How will Azure Based data get labeled and honored by DSPM?

  1. DSPM doesn’t reach into Azure storage to stamp labels directly; it honors whatever classification signals Purview already has for those resources. Scans (Purview Data Map, Fabric/Purview ingestion, Defender for Cloud policy evaluations) tag tables, files, and data stores with sensitivity info.
  2. When you run the accelerator, scripts 02-Ensure-PurviewAccount.ps1, 03-Register-DataSource.ps1, and the scan modules onboard the Azure resources into Purview, so classification scans and rules apply the same labels you use elsewhere (e.g., “Confidential”).
  3. Those labels feed DSPM’s policy engine.
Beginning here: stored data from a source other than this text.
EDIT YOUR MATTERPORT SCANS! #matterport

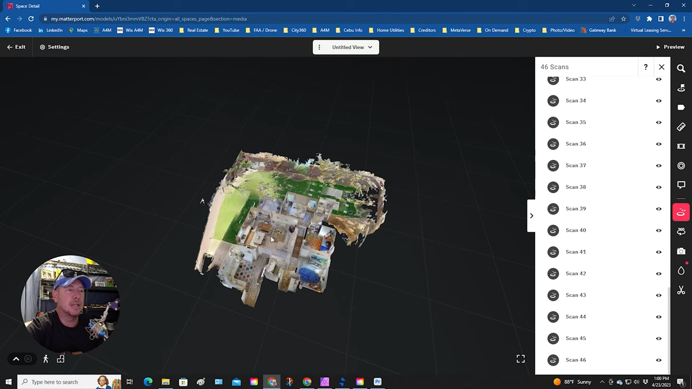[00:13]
i was going through doing my edit i noticed this guy was in my shot so how do we get this
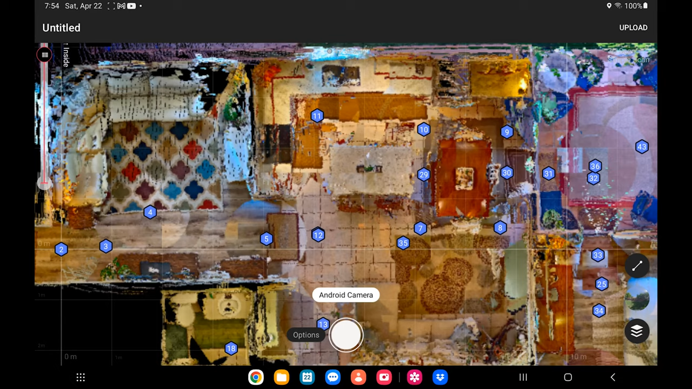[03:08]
once you're in the tour you figure out where you're
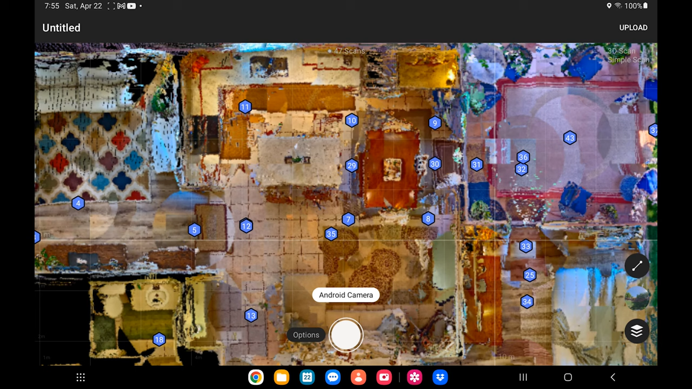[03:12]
going to be replacing we're going to be replacing number seven that is the one where the guy is in the screen you can see him right
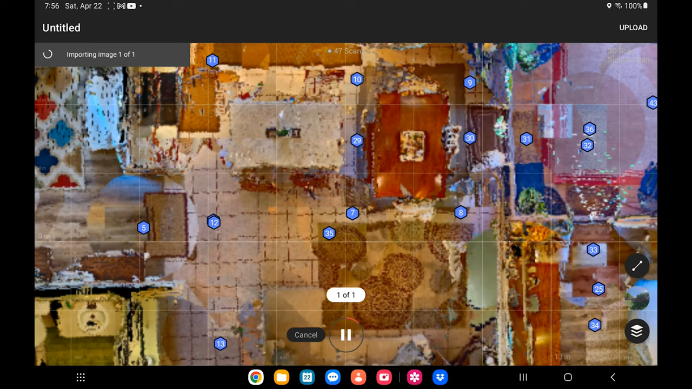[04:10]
the matter edit select it and now it'll upload now while it's uploading it'll try to line it up at number seven we're going to watch and see if it puts it in right at number seven
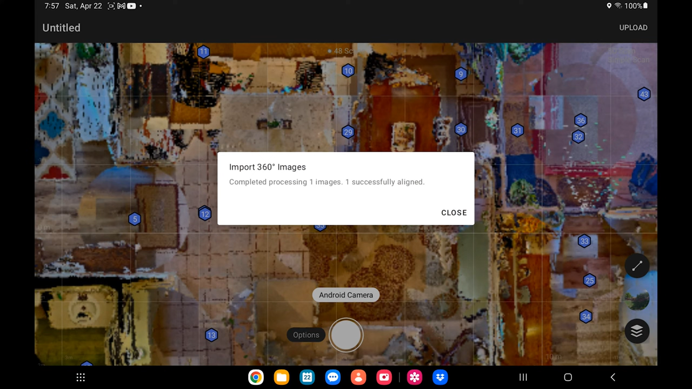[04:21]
complete process close it and it is pretty much right on top it moved it just a hair but that is good enough so let's go down to 48 and that's hard to see so let's move
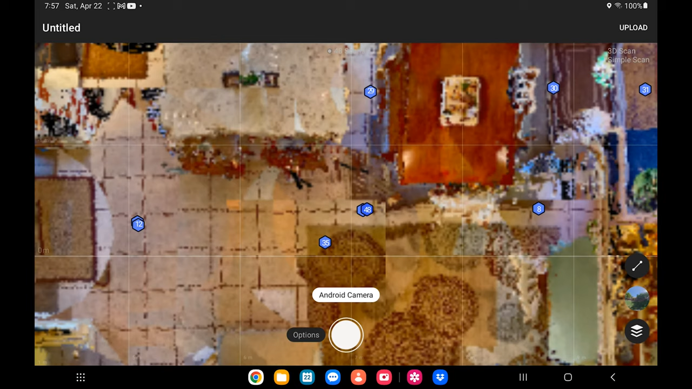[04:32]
to the desktop forgot to mention when when you're done with the tablet you're upload the scan or put the scan into the tour make sure you re-upload the tour and then
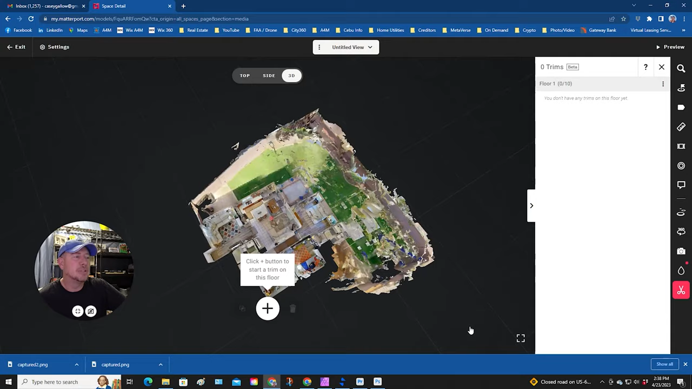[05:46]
this tour looks a little bit better when you go outside and do things like this it's going to start to look a
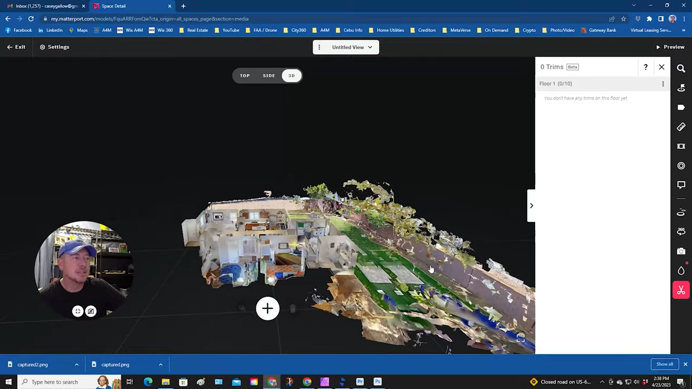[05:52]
little funky at times so what i like to do is i like to go to the trim hit the plus sign on the trim scroll back out and this the way it is
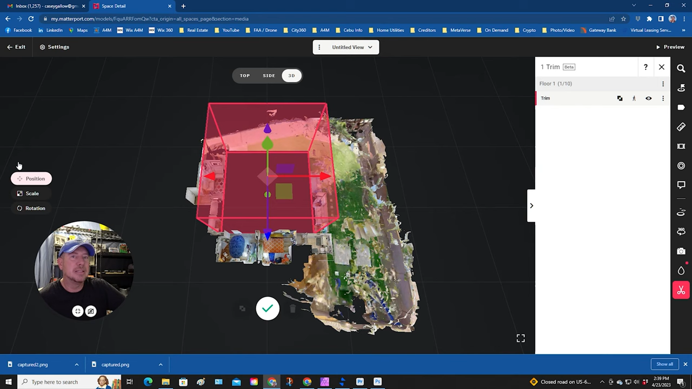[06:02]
is a position for the box so i'm just going to position it over to the yard area and to the side here and now i'm going to scale it

When Diagnostics + Foundry registration report that a prompt accessed /subscriptions/.../storageAccounts/foo, DSPM cross-references the existing Purview classification metadata. If the storage account, container, or table is marked Confidential, DSPM issues a “Sensitive data touched” alert.
  4. Enforcement happens by tying those DSPM signals back into your policies: DLP (script 12), retention/labels (scripts 13–14), and Defender for Cloud guardrails. Purview doesn’t rewrite the data, but because it tracks lineage between Azure resources and labeled datasets, the DSPM dashboards can show when Foundry/AI traffic interacts with sensitive stores and ensure your policies respond.